Exactly as written, give back every record below.

** Opening DATA PROVIDED block **

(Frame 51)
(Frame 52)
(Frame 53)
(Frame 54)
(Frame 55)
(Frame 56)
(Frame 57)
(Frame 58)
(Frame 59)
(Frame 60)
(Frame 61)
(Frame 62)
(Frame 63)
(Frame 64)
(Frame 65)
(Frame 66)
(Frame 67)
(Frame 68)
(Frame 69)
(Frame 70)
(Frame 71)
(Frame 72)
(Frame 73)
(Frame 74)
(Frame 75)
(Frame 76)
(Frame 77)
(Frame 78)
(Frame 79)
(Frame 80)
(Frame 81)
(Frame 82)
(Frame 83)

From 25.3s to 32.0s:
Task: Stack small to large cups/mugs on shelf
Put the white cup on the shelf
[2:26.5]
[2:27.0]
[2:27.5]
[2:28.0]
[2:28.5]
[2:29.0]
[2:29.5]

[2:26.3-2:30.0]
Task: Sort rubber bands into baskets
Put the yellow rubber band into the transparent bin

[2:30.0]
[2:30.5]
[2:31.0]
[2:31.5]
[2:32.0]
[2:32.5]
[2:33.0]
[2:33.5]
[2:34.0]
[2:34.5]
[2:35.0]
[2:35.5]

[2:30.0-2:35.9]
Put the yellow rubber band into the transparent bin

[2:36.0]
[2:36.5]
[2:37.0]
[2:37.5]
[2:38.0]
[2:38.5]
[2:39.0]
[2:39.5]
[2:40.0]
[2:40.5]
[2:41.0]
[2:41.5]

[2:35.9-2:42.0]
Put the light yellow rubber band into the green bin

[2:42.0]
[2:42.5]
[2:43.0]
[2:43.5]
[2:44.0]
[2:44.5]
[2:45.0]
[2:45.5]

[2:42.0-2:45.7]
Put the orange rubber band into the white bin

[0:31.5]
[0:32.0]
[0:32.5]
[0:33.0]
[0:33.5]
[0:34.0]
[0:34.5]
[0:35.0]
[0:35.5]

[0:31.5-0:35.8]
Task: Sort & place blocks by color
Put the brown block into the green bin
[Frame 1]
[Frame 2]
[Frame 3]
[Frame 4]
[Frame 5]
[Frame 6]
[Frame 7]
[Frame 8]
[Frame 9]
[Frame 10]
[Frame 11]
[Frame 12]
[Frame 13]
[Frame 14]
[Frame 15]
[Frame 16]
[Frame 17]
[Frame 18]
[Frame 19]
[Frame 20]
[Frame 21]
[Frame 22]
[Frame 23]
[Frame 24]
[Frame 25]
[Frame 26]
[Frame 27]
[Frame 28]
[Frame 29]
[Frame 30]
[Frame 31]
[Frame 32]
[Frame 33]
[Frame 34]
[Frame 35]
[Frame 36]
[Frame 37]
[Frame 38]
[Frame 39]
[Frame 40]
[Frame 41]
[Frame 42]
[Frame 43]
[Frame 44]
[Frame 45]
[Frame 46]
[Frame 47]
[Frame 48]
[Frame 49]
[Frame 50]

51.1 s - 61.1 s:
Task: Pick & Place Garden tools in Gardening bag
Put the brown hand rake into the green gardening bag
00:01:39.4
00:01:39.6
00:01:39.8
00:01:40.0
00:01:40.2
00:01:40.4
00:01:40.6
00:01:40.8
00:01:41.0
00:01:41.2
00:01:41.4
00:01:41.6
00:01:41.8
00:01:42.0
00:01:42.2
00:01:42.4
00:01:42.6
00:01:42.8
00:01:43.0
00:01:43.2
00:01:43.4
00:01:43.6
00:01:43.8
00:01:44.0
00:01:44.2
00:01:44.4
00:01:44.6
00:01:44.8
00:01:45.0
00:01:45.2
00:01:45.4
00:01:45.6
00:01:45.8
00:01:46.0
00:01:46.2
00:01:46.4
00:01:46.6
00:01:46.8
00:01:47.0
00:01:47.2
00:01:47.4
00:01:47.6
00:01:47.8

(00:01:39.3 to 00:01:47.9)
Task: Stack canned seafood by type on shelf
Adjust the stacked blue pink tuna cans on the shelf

** Closing DATA PROVIDED block **

● SOLUTION TO THIS PROBLEM:
(Frame 51)
(Frame 52)
(Frame 53)
(Frame 54)
(Frame 55)
(Frame 56)
(Frame 57)
(Frame 58)
(Frame 59)
(Frame 60)
(Frame 61)
(Frame 62)
(Frame 63)
(Frame 64)
(Frame 65)
(Frame 66)
(Frame 67)
(Frame 68)
(Frame 69)
(Frame 70)
(Frame 71)
(Frame 72)
(Frame 73)
(Frame 74)
(Frame 75)
(Frame 76)
(Frame 77)
(Frame 78)
(Frame 79)
(Frame 80)
(Frame 81)
(Frame 82)
(Frame 83)

From 25.3s to 32.0s:
Task: Stack small to large cups/mugs on shelf
Put the white cup on the shelf
[2:26.5]
[2:27.0]
[2:27.5]
[2:28.0]
[2:28.5]
[2:29.0]
[2:29.5]

[2:26.3-2:30.0]
Task: Sort rubber bands into baskets
Put the yellow rubber band into the transparent bin

[2:30.0]
[2:30.5]
[2:31.0]
[2:31.5]
[2:32.0]
[2:32.5]
[2:33.0]
[2:33.5]
[2:34.0]
[2:34.5]
[2:35.0]
[2:35.5]

[2:30.0-2:35.9]
Put the yellow rubber band into the transparent bin

[2:36.0]
[2:36.5]
[2:37.0]
[2:37.5]
[2:38.0]
[2:38.5]
[2:39.0]
[2:39.5]
[2:40.0]
[2:40.5]
[2:41.0]
[2:41.5]

[2:35.9-2:42.0]
Put the light yellow rubber band into the green bin

[2:42.0]
[2:42.5]
[2:43.0]
[2:43.5]
[2:44.0]
[2:44.5]
[2:45.0]
[2:45.5]

[2:42.0-2:45.7]
Put the orange rubber band into the white bin

[0:31.5]
[0:32.0]
[0:32.5]
[0:33.0]
[0:33.5]
[0:34.0]
[0:34.5]
[0:35.0]
[0:35.5]

[0:31.5-0:35.8]
Task: Sort & place blocks by color
Put the brown block into the green bin
[Frame 1]
[Frame 2]
[Frame 3]
[Frame 4]
[Frame 5]
[Frame 6]
[Frame 7]
[Frame 8]
[Frame 9]
[Frame 10]
[Frame 11]
[Frame 12]
[Frame 13]
[Frame 14]
[Frame 15]
[Frame 16]
[Frame 17]
[Frame 18]
[Frame 19]
[Frame 20]
[Frame 21]
[Frame 22]
[Frame 23]
[Frame 24]
[Frame 25]
[Frame 26]
[Frame 27]
[Frame 28]
[Frame 29]
[Frame 30]
[Frame 31]
[Frame 32]
[Frame 33]
[Frame 34]
[Frame 35]
[Frame 36]
[Frame 37]
[Frame 38]
[Frame 39]
[Frame 40]
[Frame 41]
[Frame 42]
[Frame 43]
[Frame 44]
[Frame 45]
[Frame 46]
[Frame 47]
[Frame 48]
[Frame 49]
[Frame 50]

51.1 s - 61.1 s:
Task: Pick & Place Garden tools in Gardening bag
Put the brown hand rake into the green gardening bag
00:01:39.4
00:01:39.6
00:01:39.8
00:01:40.0
00:01:40.2
00:01:40.4
00:01:40.6
00:01:40.8
00:01:41.0
00:01:41.2
00:01:41.4
00:01:41.6
00:01:41.8
00:01:42.0
00:01:42.2
00:01:42.4
00:01:42.6
00:01:42.8
00:01:43.0
00:01:43.2
00:01:43.4
00:01:43.6
00:01:43.8
00:01:44.0
00:01:44.2
00:01:44.4
00:01:44.6
00:01:44.8
00:01:45.0
00:01:45.2
00:01:45.4
00:01:45.6
00:01:45.8
00:01:46.0
00:01:46.2
00:01:46.4
00:01:46.6
00:01:46.8
00:01:47.0
00:01:47.2
00:01:47.4
00:01:47.6
00:01:47.8

(00:01:39.3 to 00:01:47.9)
Task: Stack canned seafood by type on shelf
Adjust the stacked blue pink tuna cans on the shelf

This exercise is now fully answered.